Mandala coloring three times weekly for 12 weeks reduces anger and death anxiety in nursing home elders
This randomized controlled experimental study evaluated whether an art-based mandala intervention reduces anger and death anxiety in older adults residing in a nursing home. Eighty participants were allocated to an experimental group (n = 40) or a control group (n = 40).
The experimental group participated in mandala coloring three times a week for 12 weeks. Outcomes were assessed using a descriptive form, a death anxiety scale, and the State-Trait Anger Expression Inventory, allowing evaluation of overall anger as well as State Anger, Anger-In, Anger-Out, and Anger Control subdomains.
Post-intervention, the experimental group demonstrated significantly lower anger scores than the control group (p = 0.001), with statistically significant differences across State Anger, Anger-In, Anger-Out, and Anger Control (p < 0.01). Death anxiety scores also decreased significantly in the experimental group (p < 0.01). In regression analysis, anger levels accounted for 42.4% of the variance in death anxiety (p = 0.001), suggesting a tight link between the two constructs in this population.
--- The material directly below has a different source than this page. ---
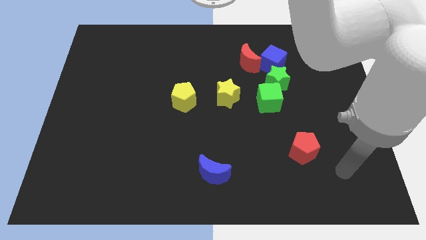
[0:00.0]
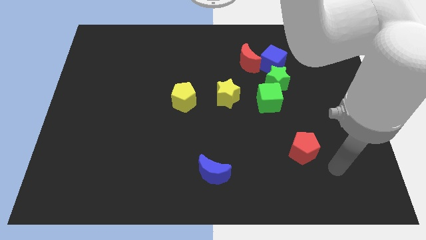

Safety outcomes, adverse events, tolerability, and dropout data were not reported in the abstract, and effect sizes in absolute terms were not provided. The sample was drawn from a single nursing home context, which may limit generalizability, and no long-term follow-up beyond the 12-week intervention was described.
For clinicians caring for institutionalized older adults, these findings support mandala coloring as a low-cost, non-pharmacological activity that may ease anger and death-related distress. Results should be interpreted cautiously pending replication in larger, more diverse samples and with standardized reporting of tolerability and durability of effect.